Solution 1 : A Queue + Listener Processor:
This approach has many advantages. The approach is to add small pieces of code to send a notification whenever you are updating relevant data. A queue can have an attached listener. This listener can trigger unit level update of our materialized view. The advantage here is that you get full control over when your view should be updated. This is better than blindly refreshing your view on every update to underlying data. You also can batch the events and update your view only when a minimum threshold of pending transactions are reached.
If your solution is in a cloud environment like AWS you will have a Queue management system that like AWS-SQS handy. In other environments stand alone products like Rabbit MQ or Active MQ fits the bill perfectly. The common factor here is the Publish-Subscribe mechanism that gives easy constructs to deliver messages to Queues and consume messages from Queues.
On the negative side you need to consider the code complexity involved in wiring together apt notification constructs to different parts of your software. If all the data updates you are interested in are passing through a common layer then it might be easy for you to manage. But if your data update touch points are many and is managed by a large team you may want to consider the Solution 2.
Solution 2 : Mongo DB Triggers (Atlas Realm):
This is not a standard solution that is available in standalone MongoDB. Database triggers are available if you are using Atlas — the cloud hosted MongoDB solution.
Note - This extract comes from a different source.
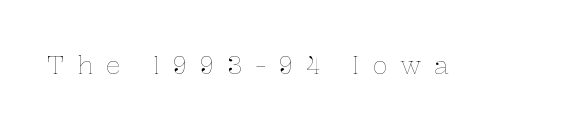
The line texture is sparse and dotted thanks to wide tracking. Glance below the letters and you will spot only blank space. Nothing heavy about these letters — not bold at all. When letters stand straight like this, we call the style roman or upright.
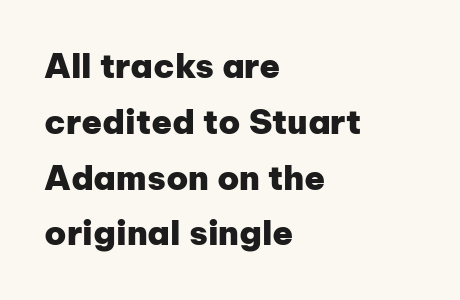
The font is running at its bold setting. All the whitespace from short lines collects on the right. Vertically, the passage feels balanced, rows spaced as you'd expect. The passage shown is typeset with a sans-serif family. Ordinary non-slanted type is in use. Look at the tracking — it's just the regular setting, nothing added.

It is paid and it will cost you if your usage goes above the free tier. It is NOT available if you are using a standard MongoDB community edition running on your server.
This approach has a few negatives we need to consider as well.
- This costs extra. Each trigger run consumes some processing time and Atlas will add it to your bill once the usage crosses a monthly free tier.
- The trigger event is blind. Some of the updates into your underlying collection may be harmless in nature and may not require refreshing your materialized view. This intelligence should be built into the trigger to reduce unnecessary refresh.
- When you want to add or remove fields from your view you need to make multiple changes. First you need to change your initial priming script to re-populate your view based on changed requirements. You will also be modifying the trigger code as per the required field or logic changes. While there will be overlap in these two programs, since each runs in different environments you will be maintaining separate files. Since there is no common library that defines the common part of the aggregation you always run the risk of logic discrepancies. It is a technical debt.
- Updating the Trigger code can happen only through Atlas Dashboard. This adds a manual step to CI-CD pipeline.
Other ways to update materialized view:
You can consider a periodic rebuild of the view using a scheduled task. The scheduled trigger of Atlas will come handy here for the cloud mongodb users. For others a Crontab like technique that runs a program to update the view may work. Here the trick is to define periodicity of the job. You can further optimize the rebuild by saving the state of previous run. For example you can introduce an ‘updatedAt’ field into your source collection. Then you can compare the last run time and the ‘updatedAt’ time for source collection records to decide which records need refreshing.
Introduction of materialized view in mongodb helps to speed up certain queries that needs costly joins across collections. The lack of built in mechanism to update such a view leaves developers vulnerable to risky homegrown alternatives to a core database service that should have been part of the materialized view feature. It would seem, mongodb missed a trick here. By using ‘Database Triggers’ available with Atlas Cloud clusters it is possible to manage materialized view update effectively. Still lack of developer tooling to update the triggers leaves some engineering flaws that should be fixed for wider adoption.
That being said, Materialized View + Database Triggers bring home a brave new world for mongodb users.